The plunger 12 having the above structure is
When used for molding a small-sized cathode-ray tube panel 13 of an inch size, the panel 13 is satisfactorily maintained without cracks on the upper inner surface of the flange portion 16 of the panel 13 or the seal edge portion 17 for a long period of time. It was possible to mold.

[0020]

As described above, in the hollow glass product forming plunger of the present invention, the spring nozzle is not damaged at the time of assembly, and when this plunger is used, the inside of the flange portion of the cathode ray tube panel is particularly improved. It is possible to prevent overcooling cracks that occur on the side surface and the seal edge portion, improve the size and molding problems, and improve the molding yield.

[Brief description of drawings]

FIG. 1 is a partial cross-sectional view of a plunger of the present invention for forming a cathode ray tube panel.

FIG. 2 is an explanatory view of a state where a cathode ray tube panel is molded.

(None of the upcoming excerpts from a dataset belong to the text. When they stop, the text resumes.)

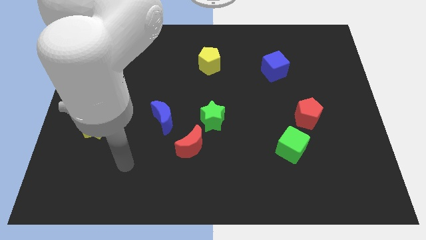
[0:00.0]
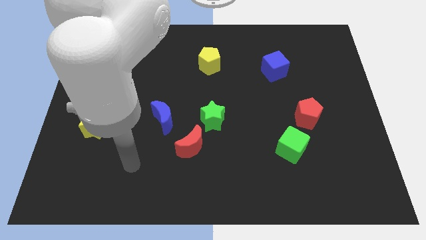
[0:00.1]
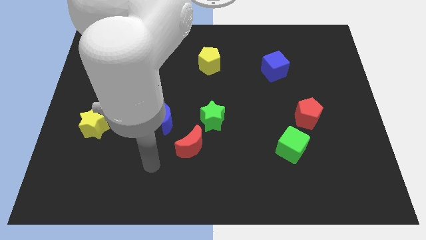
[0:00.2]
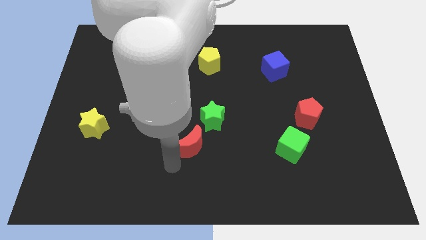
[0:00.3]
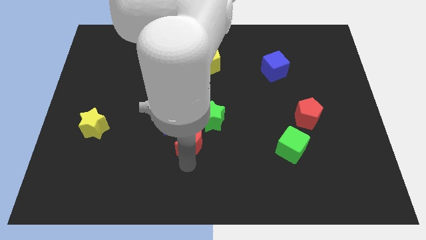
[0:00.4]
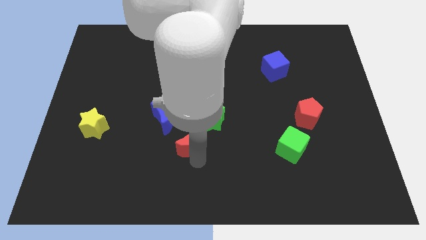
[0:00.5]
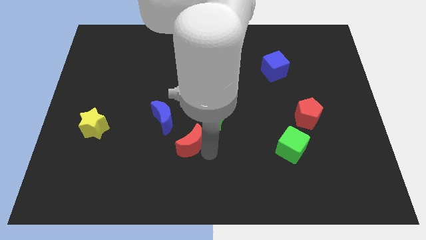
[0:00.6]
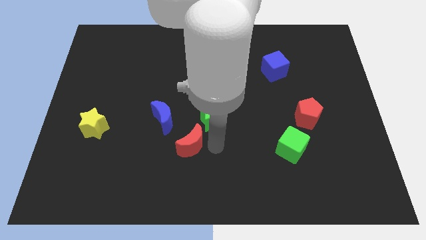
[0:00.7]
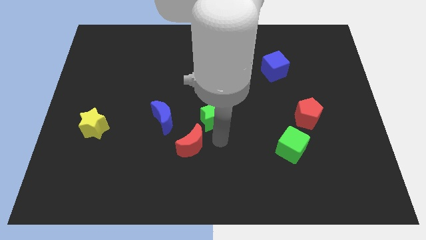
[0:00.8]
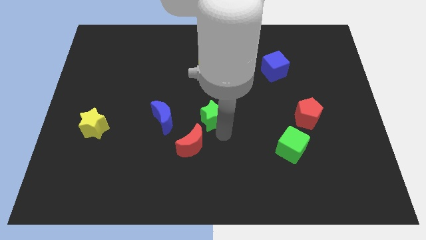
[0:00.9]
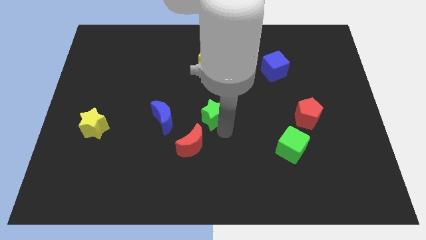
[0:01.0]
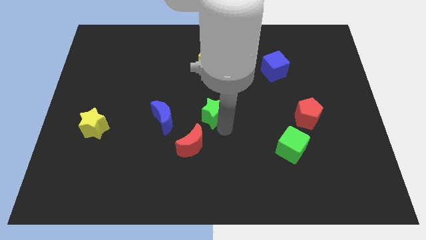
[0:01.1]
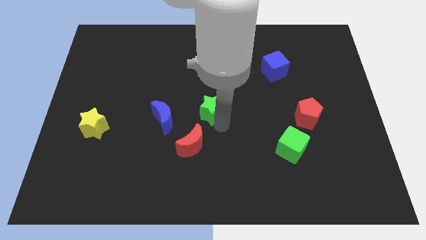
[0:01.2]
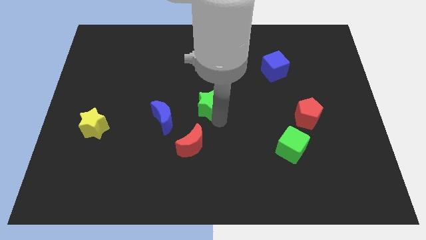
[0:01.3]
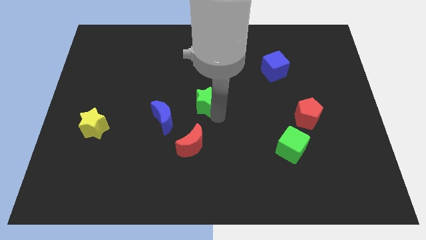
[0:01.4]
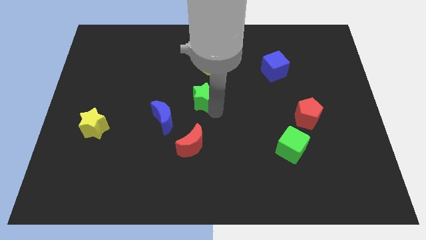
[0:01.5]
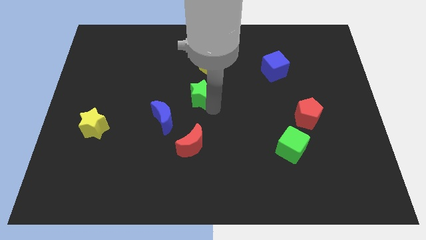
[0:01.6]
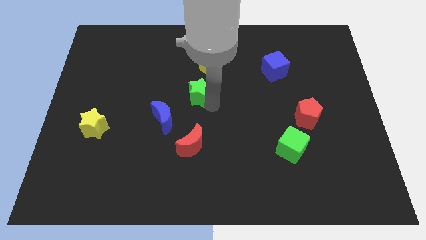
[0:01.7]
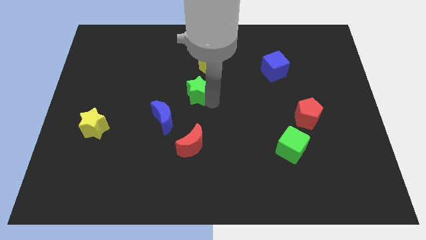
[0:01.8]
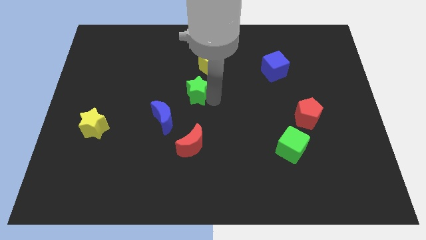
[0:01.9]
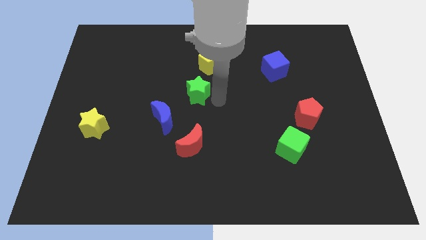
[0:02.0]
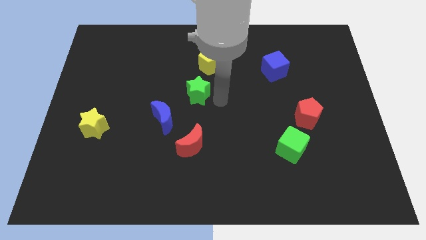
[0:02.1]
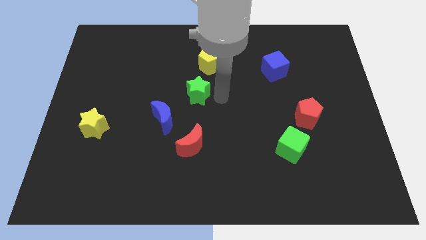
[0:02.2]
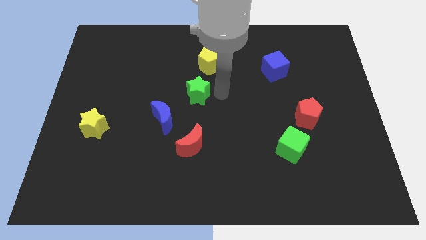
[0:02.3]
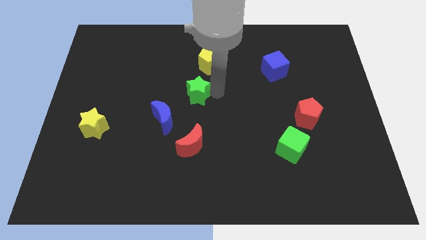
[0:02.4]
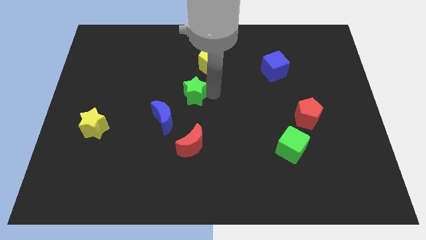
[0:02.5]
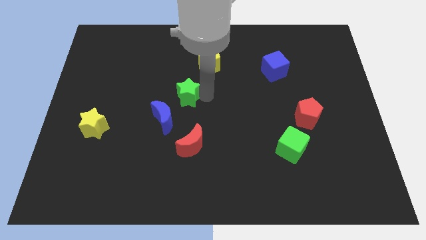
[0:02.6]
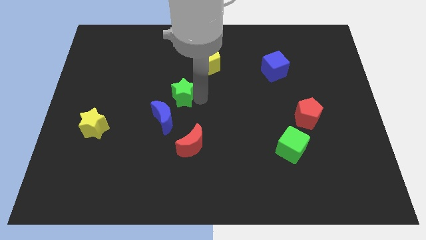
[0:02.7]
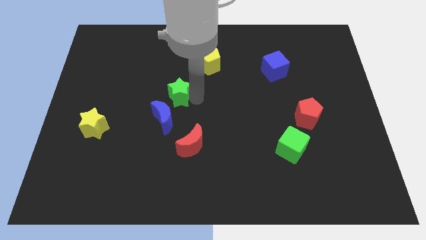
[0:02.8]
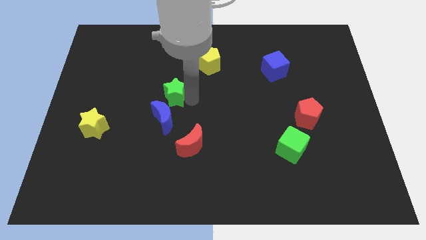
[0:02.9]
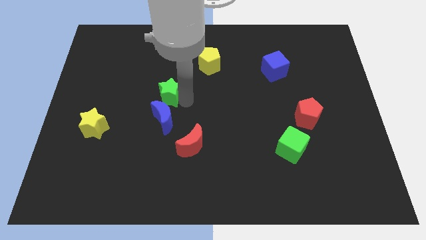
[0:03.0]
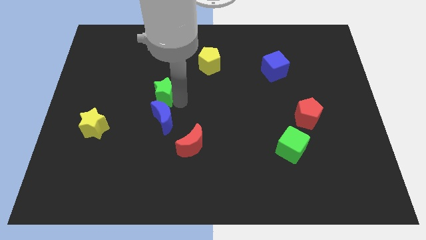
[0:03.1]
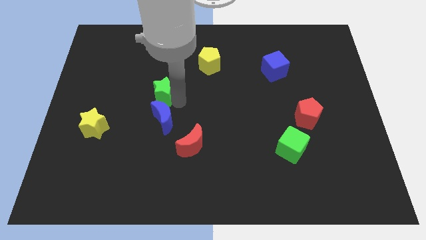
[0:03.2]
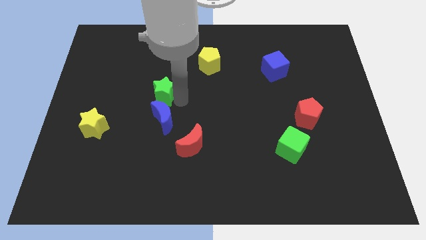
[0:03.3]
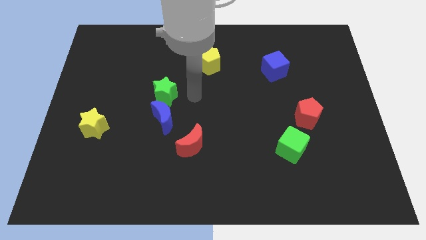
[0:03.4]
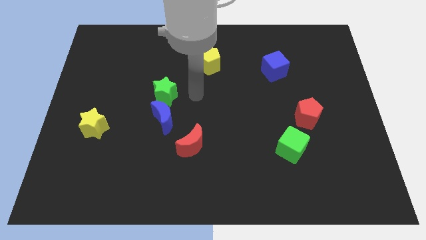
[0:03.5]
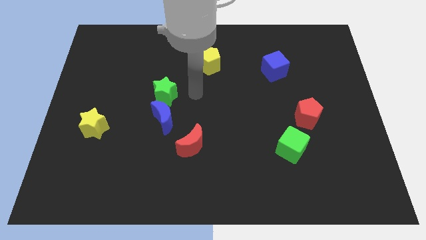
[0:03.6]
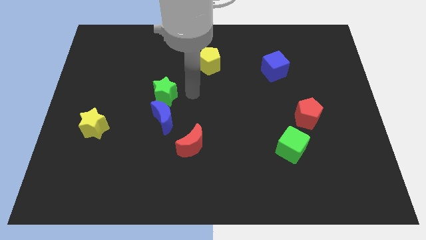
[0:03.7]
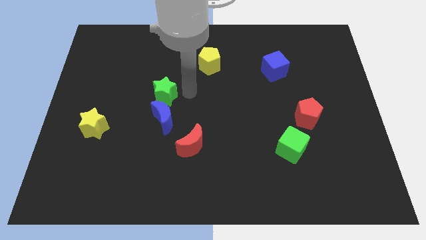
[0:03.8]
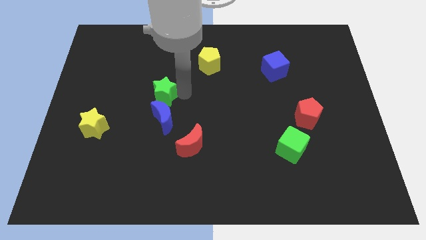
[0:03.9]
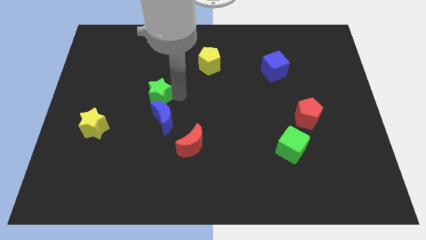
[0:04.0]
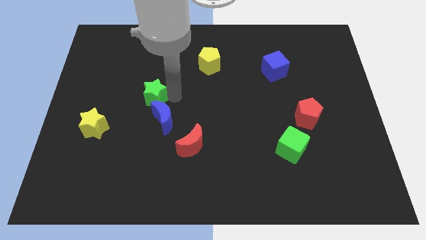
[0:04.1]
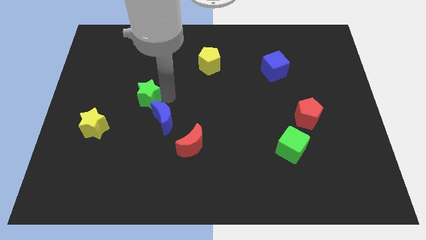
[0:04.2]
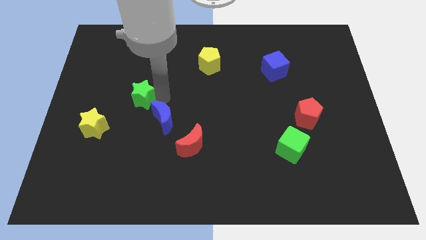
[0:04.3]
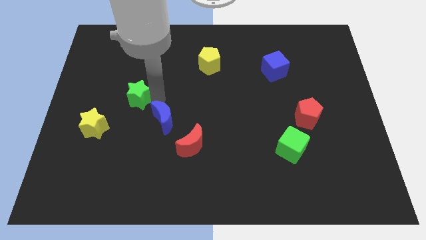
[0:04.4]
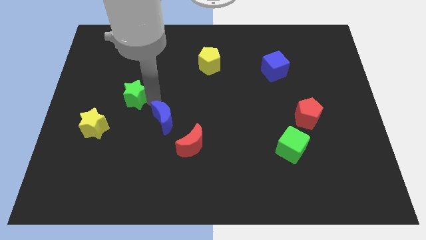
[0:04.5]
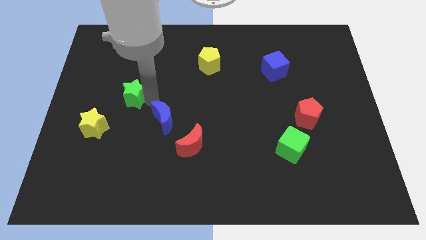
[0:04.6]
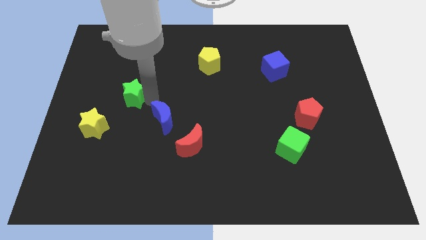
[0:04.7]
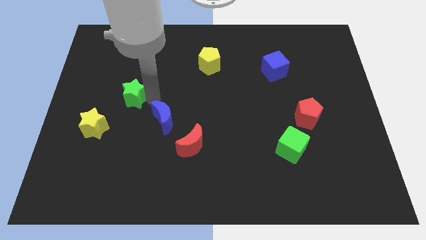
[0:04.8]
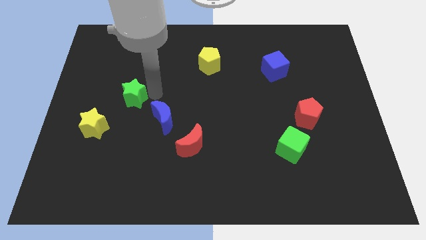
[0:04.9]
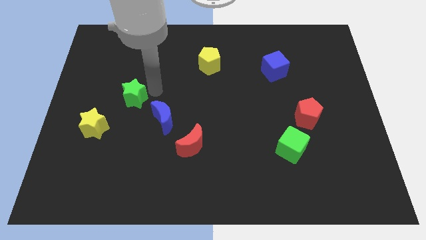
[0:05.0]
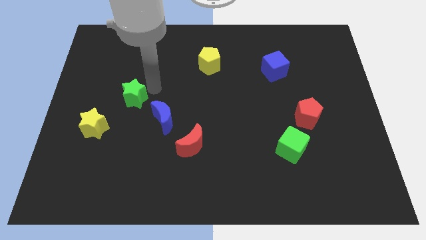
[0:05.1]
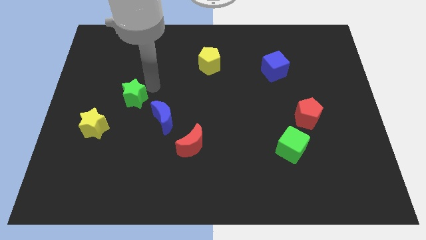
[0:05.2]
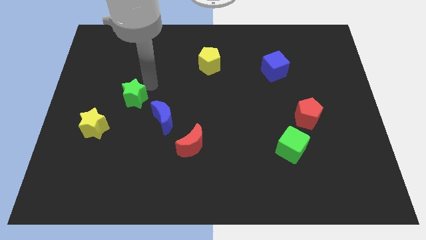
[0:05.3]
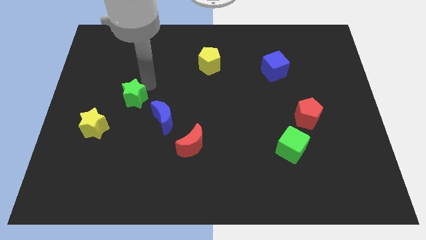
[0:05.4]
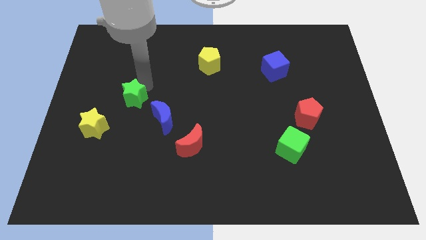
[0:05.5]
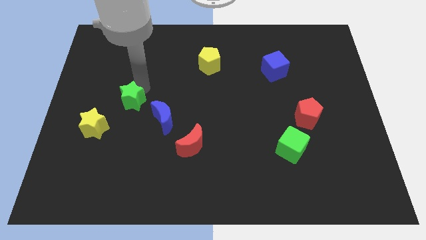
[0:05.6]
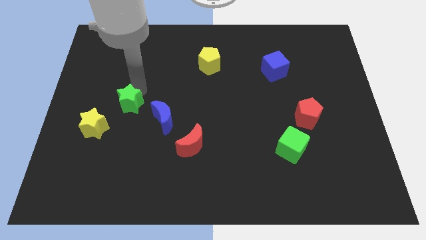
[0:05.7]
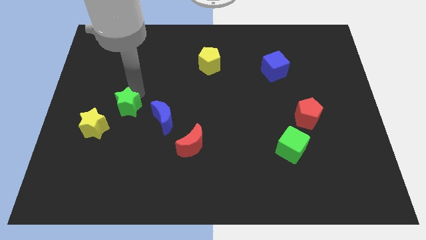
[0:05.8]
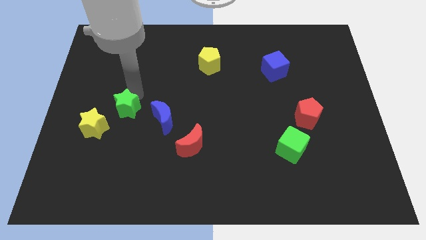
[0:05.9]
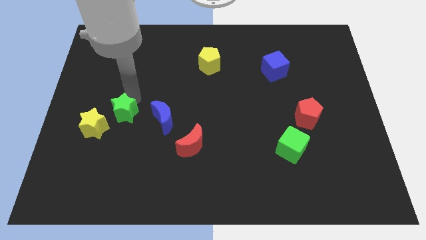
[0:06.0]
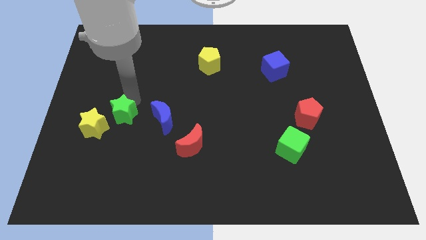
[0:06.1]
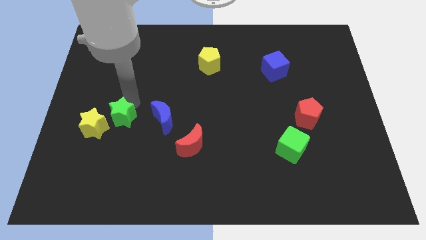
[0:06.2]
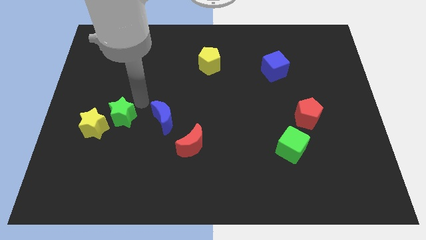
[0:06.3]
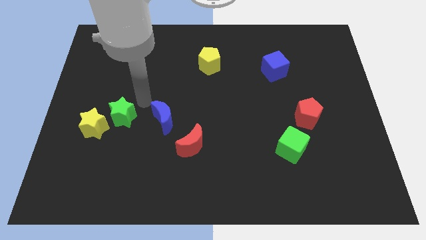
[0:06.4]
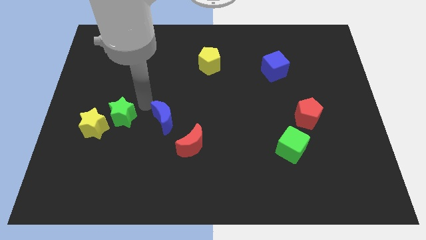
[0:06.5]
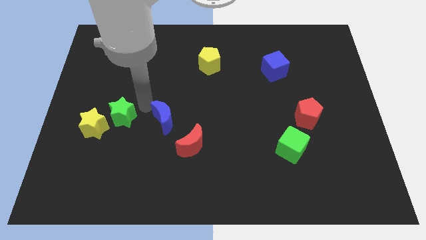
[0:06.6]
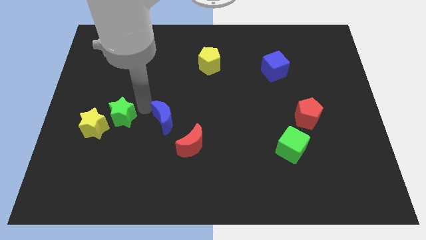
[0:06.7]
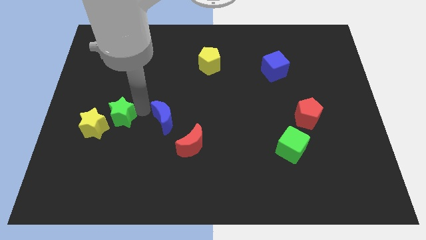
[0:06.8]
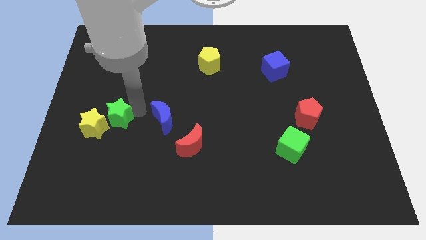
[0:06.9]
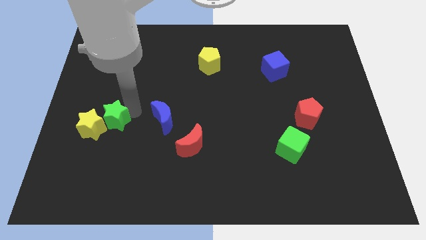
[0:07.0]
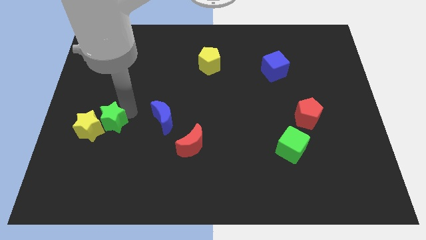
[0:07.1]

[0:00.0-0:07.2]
move the green star next to the yellow star

FIG. 3 is a partial cross-sectional view of a conventional plunger for molding a cathode ray tube panel.

[Explanation of symbols]

 12 Plunger 13 Panel 22 Distribution Chamber 23 Cooling Cavity 30 Spring Nozzle

Claims (1)

[Claims] 1. A distribution chamber in which a cooling fluid is supplied,
In a hollow glass product molding plunger having a cooling cavity located around the distribution chamber, in which a cooling fluid is circulated from the distribution chamber through the cooling cavity to control the temperature distribution on the molding surface, the cooling cavity from the distribution chamber A hollow glass product molding plunger, wherein a spring nozzle for supplying a cooling fluid to the corner part of the hollow glass product is attached so as to project from the corner part of the distribution chamber.